What: Community Forum
When: Thursday, 6:30–7:30 p.m.
Where: Willingway Hospital
Contact: Janis Ellington, (912) 682-4230
"Eight ball corner pocket. Who is playing today?" (said to drug dealer) "The Red Sox" (said to buyer) This is code for different kinds of ecstasy pills.
"I want a quart of Ben and Jerry's" (code for ice)
"Has anyone seen tina?" (code for meth)
"I want a bean burrito" (code for ecstasy)
"What you know bout them tree?" (pot)
"I'm fixin a BLT" (rolling a blunt)
"U seen that white girl?" (coke)
"Is Lori n town?"(Lorcet)
"U seen elvis and blue suede shoes?" (Blue lorcets)
"Elvis has left the building" (drug dealer is gone)
Drug dealer would ask, "Are you coming to pick up the girls (coke) or the boys (heroin)?"
Drug dealer would say when the drugs were ready or had arrived, "The eagle has landed."
When one of the students was asking for heroin she would use "horse or junk."
The text messages on your child’s phone look innocent enough. “I want a Ben and Jerry’s.” “Is Lori in town?” “I’m fixing a BLT.” “I want a Bean Burrito.”

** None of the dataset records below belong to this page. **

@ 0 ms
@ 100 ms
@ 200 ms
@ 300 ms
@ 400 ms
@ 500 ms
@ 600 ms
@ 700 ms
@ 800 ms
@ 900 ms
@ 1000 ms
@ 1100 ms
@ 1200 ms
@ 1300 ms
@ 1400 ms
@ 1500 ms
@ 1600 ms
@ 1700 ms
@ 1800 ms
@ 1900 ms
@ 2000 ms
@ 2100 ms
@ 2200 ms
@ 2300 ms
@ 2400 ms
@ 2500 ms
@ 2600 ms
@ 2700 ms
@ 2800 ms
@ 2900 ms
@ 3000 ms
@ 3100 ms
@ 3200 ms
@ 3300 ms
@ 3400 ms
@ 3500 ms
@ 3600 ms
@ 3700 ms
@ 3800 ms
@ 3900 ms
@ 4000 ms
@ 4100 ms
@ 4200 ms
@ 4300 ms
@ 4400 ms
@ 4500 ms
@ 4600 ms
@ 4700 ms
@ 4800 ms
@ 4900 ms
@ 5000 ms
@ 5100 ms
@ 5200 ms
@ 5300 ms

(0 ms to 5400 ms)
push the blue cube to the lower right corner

Most parents would assume the teenager is going for an ice cream, looking for their friend Lori, making a bacon, lettuce, and tomato sandwich, but decides on a bean burrito instead. Right? Wrong.

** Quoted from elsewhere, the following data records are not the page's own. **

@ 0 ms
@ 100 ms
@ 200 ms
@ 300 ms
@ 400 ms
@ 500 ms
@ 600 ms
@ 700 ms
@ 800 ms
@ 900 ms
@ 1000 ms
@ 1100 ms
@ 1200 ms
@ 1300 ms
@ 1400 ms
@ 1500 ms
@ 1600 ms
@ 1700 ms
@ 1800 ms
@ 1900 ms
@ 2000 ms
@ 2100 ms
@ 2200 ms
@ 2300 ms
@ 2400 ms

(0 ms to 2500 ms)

The text messages actually mean “I want ice (crystal meth),” “Is there any Lorcet?,” “I’m fixing a blunt” and “I want an Ecstasy.”

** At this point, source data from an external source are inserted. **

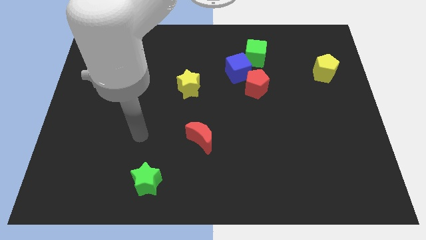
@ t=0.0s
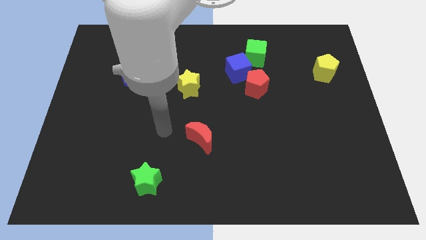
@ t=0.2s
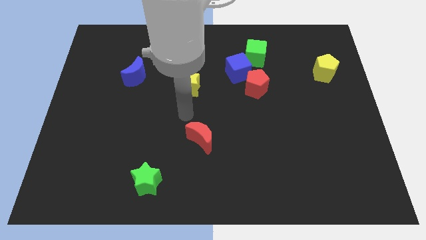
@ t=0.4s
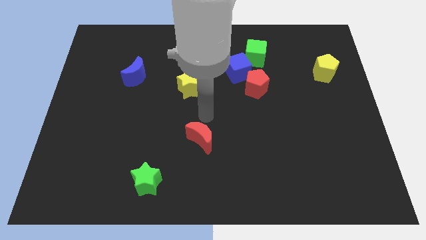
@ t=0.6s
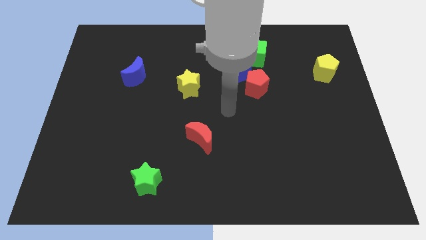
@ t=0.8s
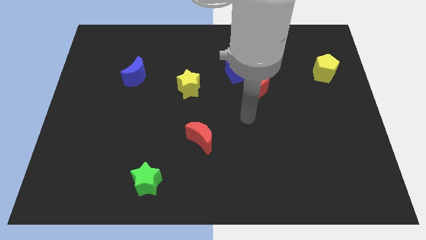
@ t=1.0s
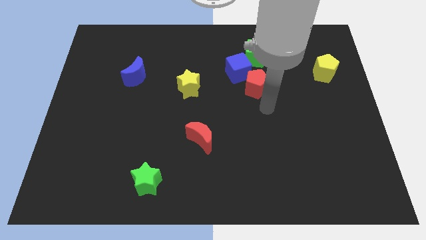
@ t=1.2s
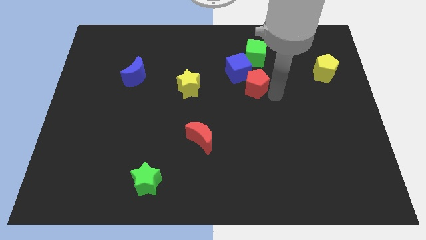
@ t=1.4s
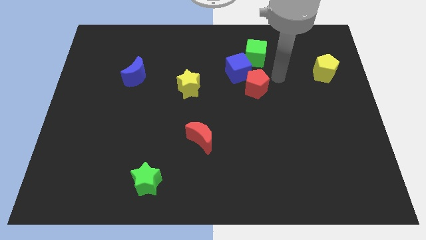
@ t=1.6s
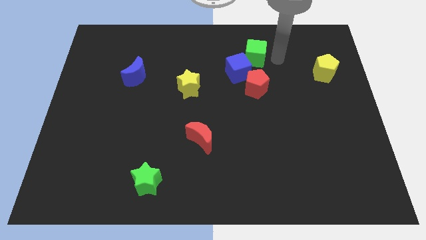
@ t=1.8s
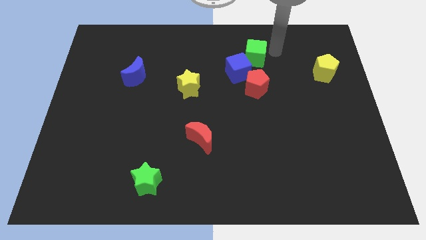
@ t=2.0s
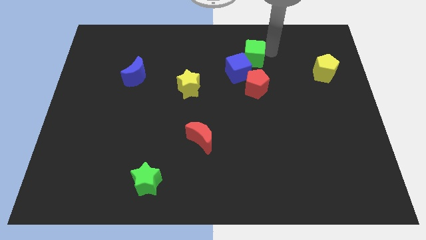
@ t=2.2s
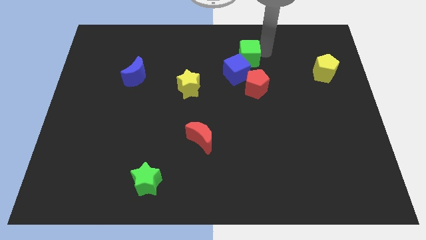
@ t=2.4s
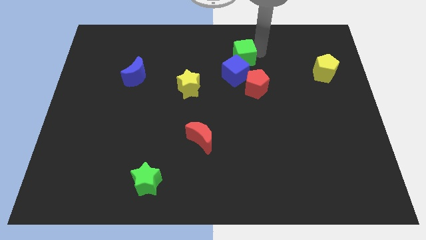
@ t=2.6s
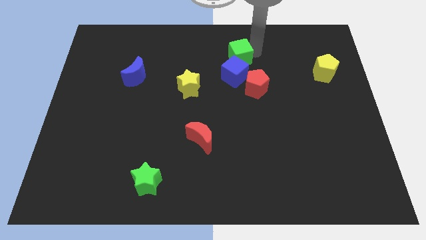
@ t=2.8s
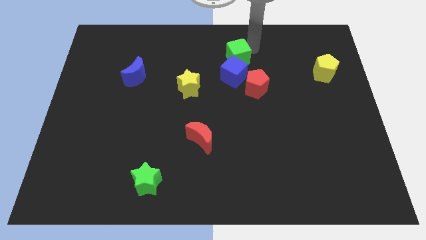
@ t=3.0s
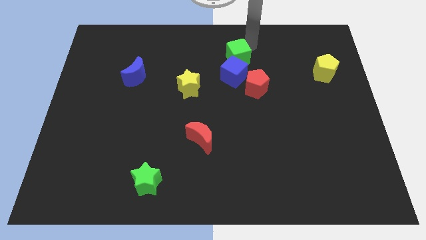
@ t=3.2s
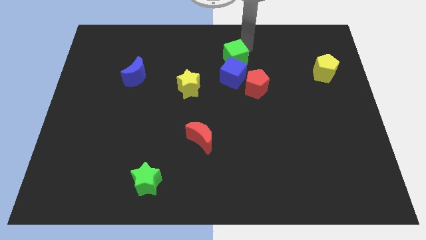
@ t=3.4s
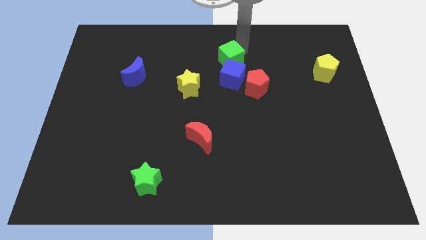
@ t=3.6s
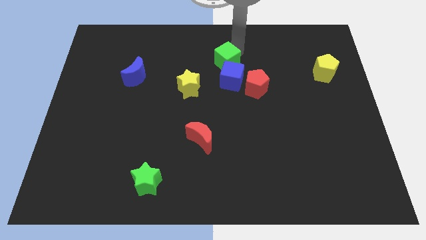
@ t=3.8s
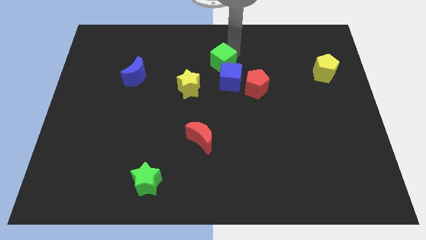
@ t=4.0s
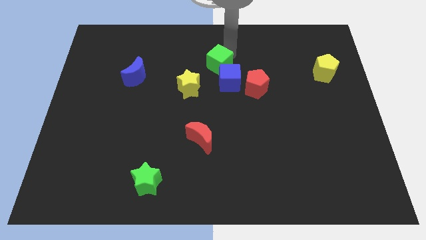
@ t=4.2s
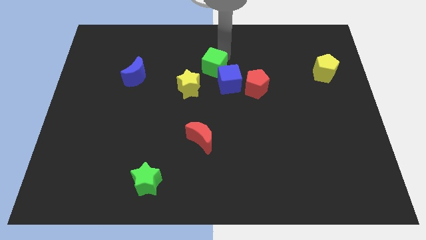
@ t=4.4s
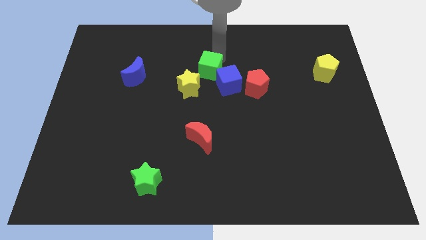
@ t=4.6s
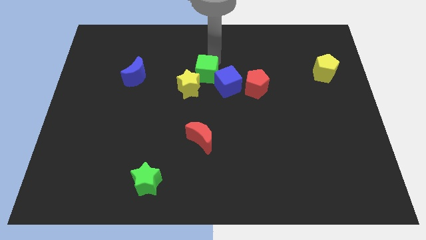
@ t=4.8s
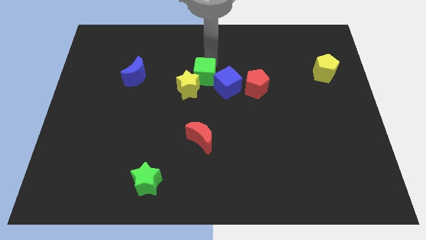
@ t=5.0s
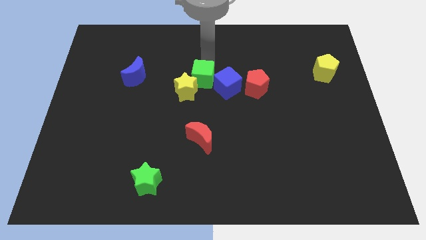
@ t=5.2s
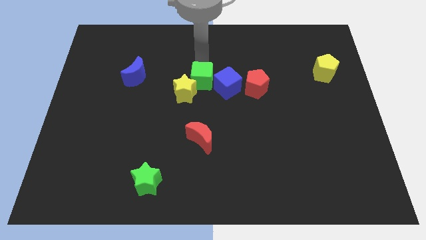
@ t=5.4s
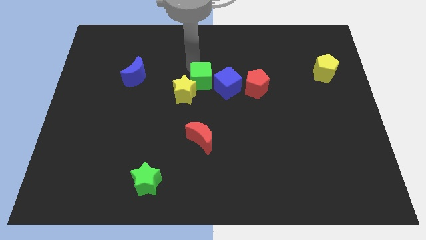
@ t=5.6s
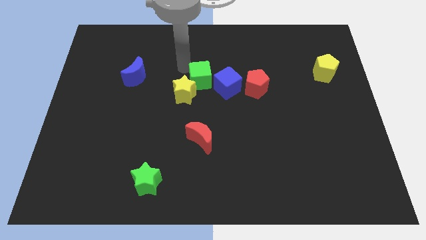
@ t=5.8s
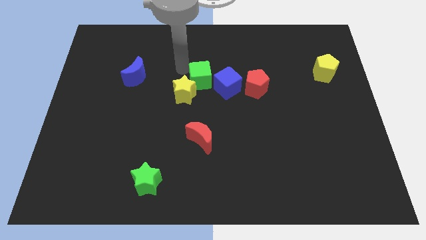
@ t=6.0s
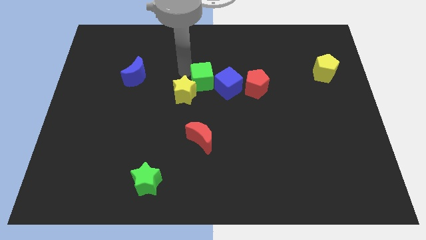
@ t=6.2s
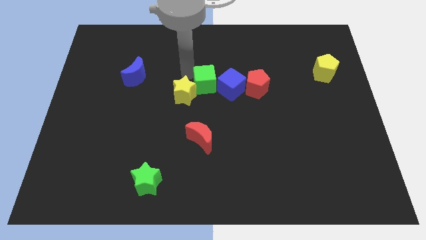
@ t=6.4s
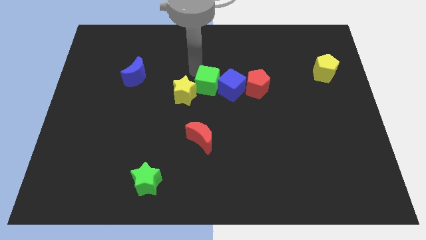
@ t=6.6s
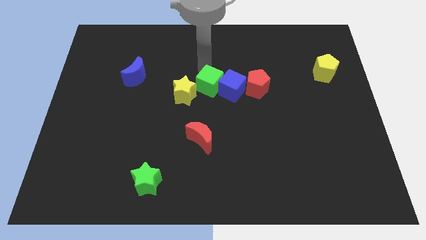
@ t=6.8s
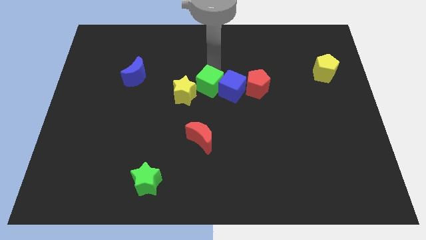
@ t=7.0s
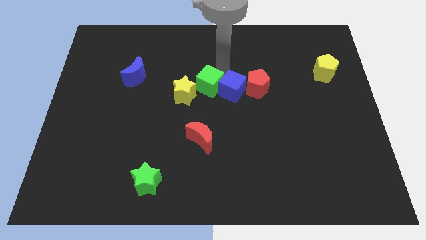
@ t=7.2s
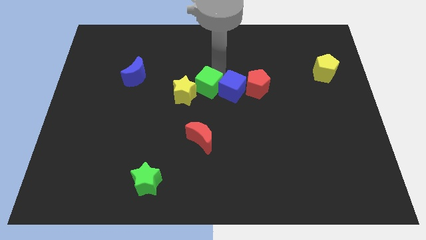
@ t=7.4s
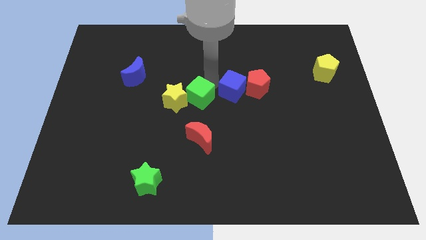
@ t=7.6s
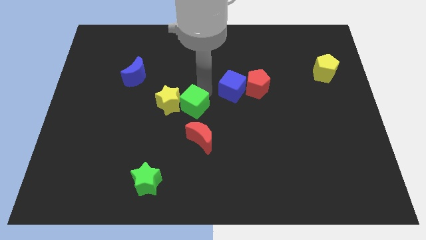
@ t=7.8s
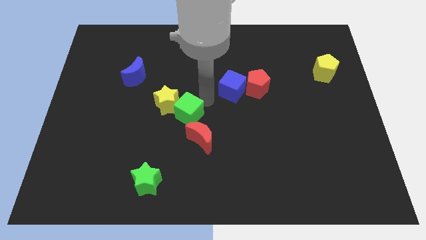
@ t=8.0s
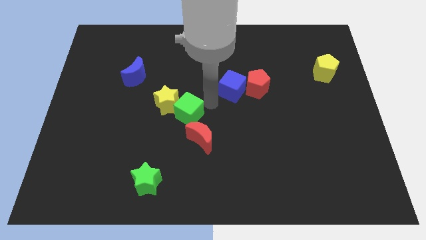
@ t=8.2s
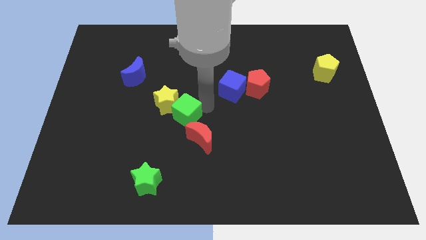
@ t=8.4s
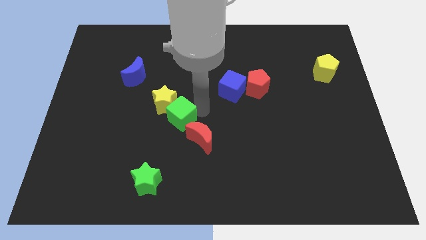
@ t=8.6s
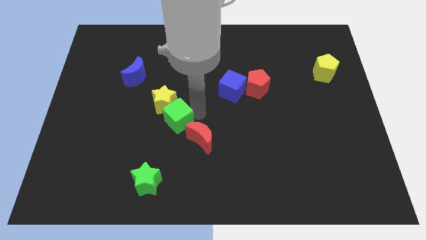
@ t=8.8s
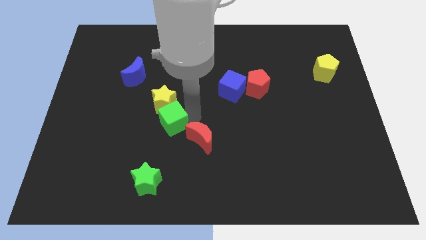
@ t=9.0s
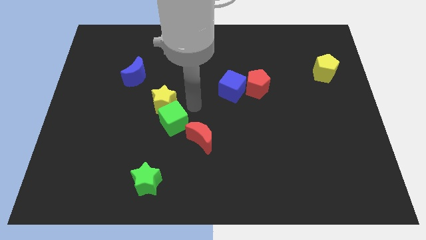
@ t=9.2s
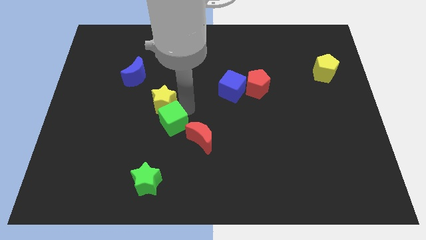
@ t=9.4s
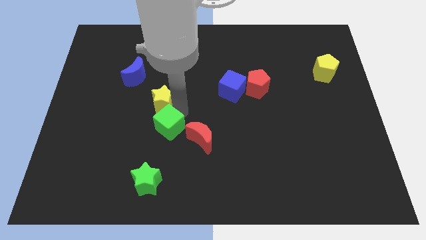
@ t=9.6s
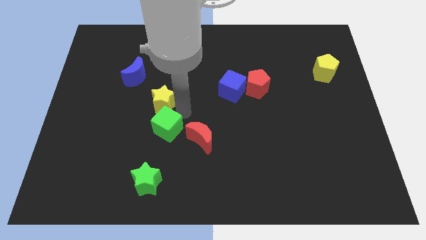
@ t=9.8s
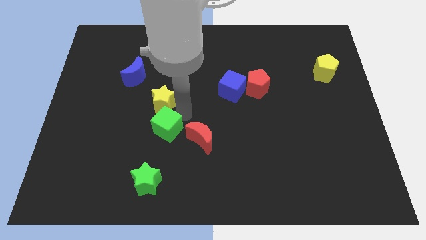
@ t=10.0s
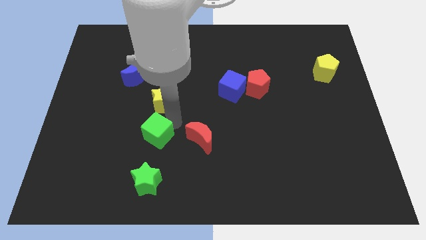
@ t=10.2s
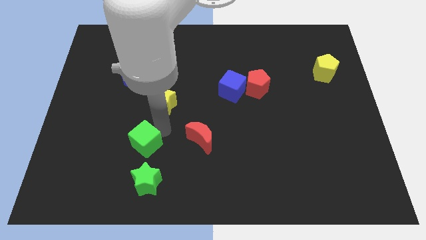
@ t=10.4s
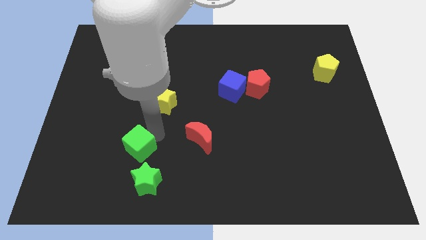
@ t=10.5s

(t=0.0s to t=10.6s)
put the green cube to the top left side of the green star

“With a 2008 study showing four out of five teens carry a wireless device and 47 percent of them reporting that they can text with their eyes closed, we as parents must have our eyes wide open to code names for illicit drugs as we educate ourselves about drug use among our youth,” said Robert Mooney, M.D., addiction psychiatrist for Willingway Hospital in Statesboro.
As part of September 2010 National Alcohol and Drug Addiction Month, Willingway Hospital will partner with the Statesboro Police Department to sponsor a community forum on Thursday for interested parents, educators, youth pastors and counselors.
Treatment professionals and representatives from the Statesboro Police Department will educate the community about how teens use mobile messaging to communicate about drugs, the signs of alcohol and drug use in young adults and trends of drug use and abuse in Statesboro.
“Even before electronic messaging, it was difficult for parents to ask specifically about their child’s behavior,” Dr. Mooney said. “Parents have always been the last to know. But now parents are behind the eight ball because they tend to be fairly naïve about electronic devices and technology which adds to the difficulty in addressing this. Parents don’t need to be cyber spies or cyber police, but need to continue to be highly involved in their children’s lives in an electronic age.”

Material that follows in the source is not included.